🤖 AI Summary
Existing video question answering methods often suffer from severe hallucination, poor interpretability, and insufficient alignment between visual cues and answers due to the lack of explicit structured reasoning. To address these limitations, this work proposes ClueNet, a novel clue-aware video reasoning framework that emulates human hierarchical visual cognition.
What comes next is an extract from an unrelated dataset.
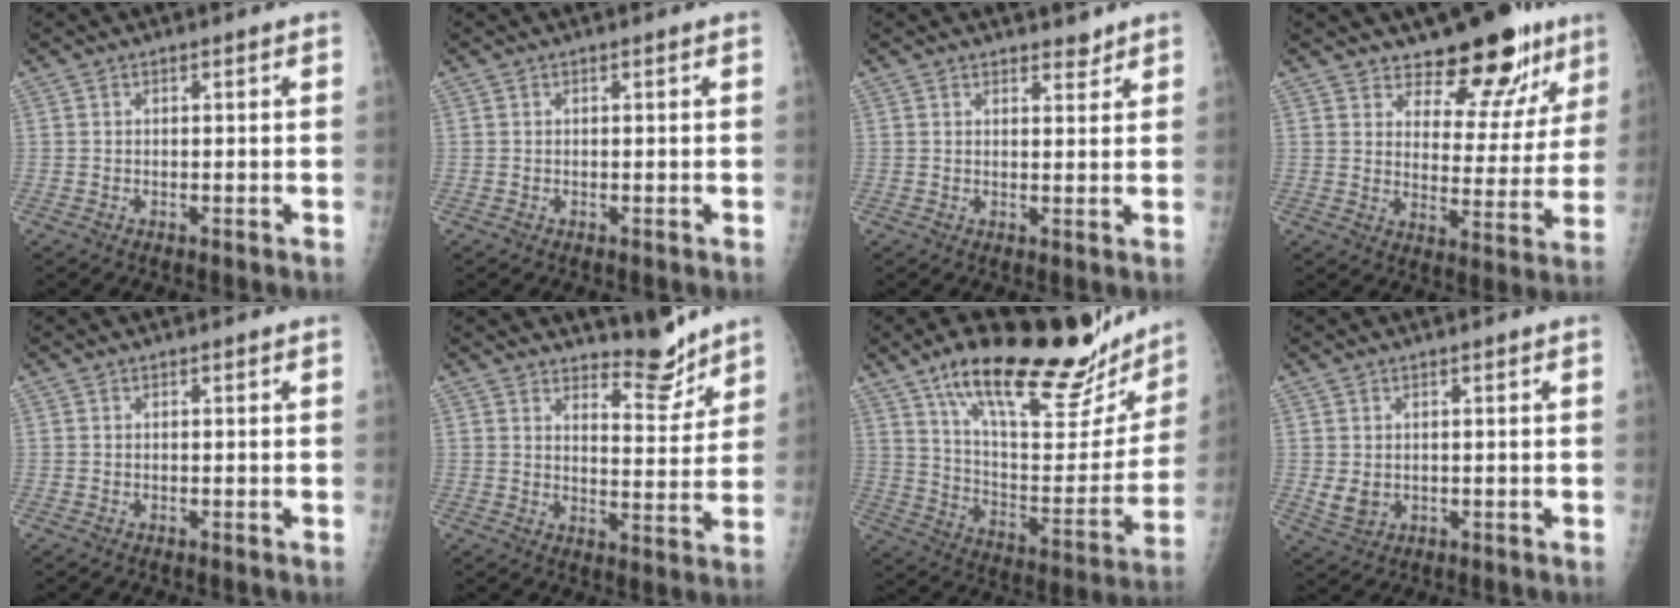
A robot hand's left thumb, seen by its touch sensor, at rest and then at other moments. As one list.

ClueNet decouples clue extraction and chain-of-thought reasoning through a two-stage supervised fine-tuning strategy and incorporates an adaptive clue filter to refine high-order reasoning. Notably, it achieves substantial improvements in faithfulness, interpretability, and generalization without modifying large foundation models, relying instead on lightweight auxiliary modules. The method consistently outperforms state-of-the-art approaches by at least 1.1% across NExT-QA, STAR, and MVBench benchmarks, effectively bridging the gap between perception and generation.
📝 Abstract
Multi-modal Large Language Models (MLLMs) have significantly advanced video reasoning, yet Video Question Answering (VideoQA) remains challenging due to its demand for temporal causal reasoning and evidence-grounded answer generation. Prevailing end-to-end MLLM frameworks lack explicit structured reasoning between visual perception and answer derivation, causing severe hallucinations and poor interpretability. Existing methods also fail to address three core gaps: faithful visual clue extraction, utility-aware clue filtering, and end-to-end clue-answer alignment. Inspired by hierarchical human visual cognition, we propose ClueNet, a clue-aware video reasoning framework with a two-stage supervised fine-tuning paradigm without extensive base model modifications. Decoupled supervision aligns clue extraction and chain-based reasoning, while inference supervision with an adaptive clue filter refines high-order reasoning, alongside lightweight modules for efficient inference. Experiments on NExT-QA, STAR, and MVBench show that ClueNet outperforms state-of-the-art methods by $\ge$ 1.1%, with superior generalization, hallucination mitigation, inference efficiency, and cross-backbone compatibility. This work bridges the perception-to-generation gap in MLLM video understanding, providing an interpretable, faithful reasoning paradigm for high-stakes VideoQA applications.